Substantial changes in baseline FREQ sometimes occurred from vessel to vessel and even for a given vessel over the time period required to test the response to an entire set of preload ramps (∼1 h). To normalize for these differences, the AMP and FREQ data for each vessel were expressed in terms of the ratio of the average value during the ramp to the average value during the plateau. We previously documented that both AMP and FREQ increase over the preload range 0.03–0.3 mN (Zhang et al. 2007b) so that, in the absence of a rate-sensitive mechanism, AMP and FREQ ratios (ramp/plateau) < 1 would be predicted. For the recordings in Fig. 1, the FREQ ratio was 0.80 for the slower ramp compared to 1.74 for the faster ramp; the AMP ratios were 1.14 and 0.88, respectively, for the two ramps. Thus, rate-sensitive enhancement in FREQ was characterized by a ratio > 1 (reflecting a burst of contractions during the faster ramp). The results from eight lymphatic vessels subjected to preload ramps at six different speeds are summarized in Fig. 1C and D, where the FREQ and AMP ratios, respectively, are plotted as a function of ramp speed. The dotted lines in the two panels indicate boundaries (where ratios were > 1) for the appearance of rate-sensitive enhancement with this protocol. Clearly, the FREQ ratio exceeded 1 regardless of the ramp speed, and the ratio increased with increasing ramp speed to a value of ∼1.5 for the fastest ramp. A value > 1 for the FREQ ratio (1.1) at the lowest ramp speed suggests even that speed was associated with a slight, rate-sensitive enhancement of FREQ. In marked contrast, the average AMP ratio was always < 1 and progressively declined with increasing ramp speed, suggesting that contraction AMP was not enhanced by stretch in a rate-sensitive manner. Indeed, in force ramp protocols, we never observed any AMP responses that resembled those reported in portal vein (i.e. Figs 1 and 2 in Johansson & Mellander, 1975).
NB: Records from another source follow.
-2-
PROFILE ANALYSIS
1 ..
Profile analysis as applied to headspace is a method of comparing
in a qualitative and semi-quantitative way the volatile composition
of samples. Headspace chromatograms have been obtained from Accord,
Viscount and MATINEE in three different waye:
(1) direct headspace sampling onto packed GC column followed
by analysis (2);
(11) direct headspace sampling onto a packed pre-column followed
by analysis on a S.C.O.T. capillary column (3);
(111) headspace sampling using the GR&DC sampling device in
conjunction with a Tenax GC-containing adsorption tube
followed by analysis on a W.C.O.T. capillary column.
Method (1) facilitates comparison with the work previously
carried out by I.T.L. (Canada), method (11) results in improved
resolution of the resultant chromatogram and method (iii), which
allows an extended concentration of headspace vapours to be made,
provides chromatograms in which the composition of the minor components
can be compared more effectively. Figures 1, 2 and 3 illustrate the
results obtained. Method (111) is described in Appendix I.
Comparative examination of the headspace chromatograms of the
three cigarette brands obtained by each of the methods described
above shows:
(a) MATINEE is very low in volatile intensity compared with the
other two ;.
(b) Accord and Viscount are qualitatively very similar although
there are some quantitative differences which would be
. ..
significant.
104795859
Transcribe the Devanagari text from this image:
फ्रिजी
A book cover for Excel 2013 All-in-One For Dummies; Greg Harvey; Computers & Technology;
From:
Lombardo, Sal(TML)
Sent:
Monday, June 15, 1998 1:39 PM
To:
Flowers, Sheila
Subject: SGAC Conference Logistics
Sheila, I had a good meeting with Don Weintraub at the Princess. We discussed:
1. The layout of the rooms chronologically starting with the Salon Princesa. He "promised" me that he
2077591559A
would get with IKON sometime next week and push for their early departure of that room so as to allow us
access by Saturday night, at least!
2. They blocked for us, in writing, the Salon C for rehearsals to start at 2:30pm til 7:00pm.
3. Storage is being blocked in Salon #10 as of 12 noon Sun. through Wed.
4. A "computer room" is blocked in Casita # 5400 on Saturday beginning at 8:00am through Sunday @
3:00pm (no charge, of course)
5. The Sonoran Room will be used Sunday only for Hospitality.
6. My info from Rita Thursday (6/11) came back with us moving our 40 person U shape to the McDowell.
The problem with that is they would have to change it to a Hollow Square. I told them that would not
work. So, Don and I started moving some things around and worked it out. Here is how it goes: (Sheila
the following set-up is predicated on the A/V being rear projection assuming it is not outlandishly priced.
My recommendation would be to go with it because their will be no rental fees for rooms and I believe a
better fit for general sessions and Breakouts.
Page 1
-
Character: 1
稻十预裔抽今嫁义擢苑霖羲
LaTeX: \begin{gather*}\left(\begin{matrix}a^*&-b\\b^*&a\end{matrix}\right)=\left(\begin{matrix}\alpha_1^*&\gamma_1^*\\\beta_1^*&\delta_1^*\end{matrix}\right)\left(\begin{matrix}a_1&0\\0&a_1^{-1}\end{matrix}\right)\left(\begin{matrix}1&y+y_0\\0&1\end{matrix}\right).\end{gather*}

Figure 2. Lymphatic vessel responses to diameter ramps.

A, initially, the diameters at 0.02 mN (D_i) and 0.3 mN (D_o) passive force were measured; subsequently, diameter was ramped from D_i to D_o at a constant speed of ∼0.15% lengths s⁻¹. B, same vessel as in A with same initial and final preloads and diameters but with a ramp speed of ∼1.1% lengths s⁻¹. Note the relatively high contraction FREQ near and just after the end of the ramp. C, plot of the FREQ ratio as a function of ramp speed for 11 vessels. D, plot of AMP ratio versus ramp speed for the same vessels. Lines represent exponential fits of the data points. Error bars are ±s.e.m. An asterisk indicates a significant difference from the value at the lowest rate.

The eight vessels used for the analysis in Fig. 1 comprised a subset of a larger group (15 total experiments) studied using the same protocol. In about half of the experiments, the baseline contraction FREQ was too low to permit the full range of ramp speeds to be tested. For example, if baseline contraction FREQ was such that only one contraction occurred during a high speed ramp, then determination of FREQ on a contraction-by-contraction basis was impossible. Likewise, we were concerned that only two to three contractions during a fast ramp might not give an accurate indication of FREQ (see example in Fig. 3). For this reason, we used only vessels for the analysis shown in Fig. 1 that had a minimum of six contractions during the fastest ramp. It should be noted, however, that rate-sensitive FREQ responses were not limited to the specific conditions described above. For example, in vessels with a low baseline contraction FREQ, a low dose (< 3 × 10⁻⁸m) of substance P (SP) could be added to the bath to increase baseline FREQ, and subsequent elevation of preload at an appropriately high rate then evoked a rate-sensitive FREQ response (not shown, but see Fig. 3 below). This effect occurred as long as baseline FREQ was well below the maximum value of ∼50 min⁻¹ (induced by a high dose of SP). However, the group data analysed in Fig. 1C and D were collected from vessels in the absence of SP stimulation.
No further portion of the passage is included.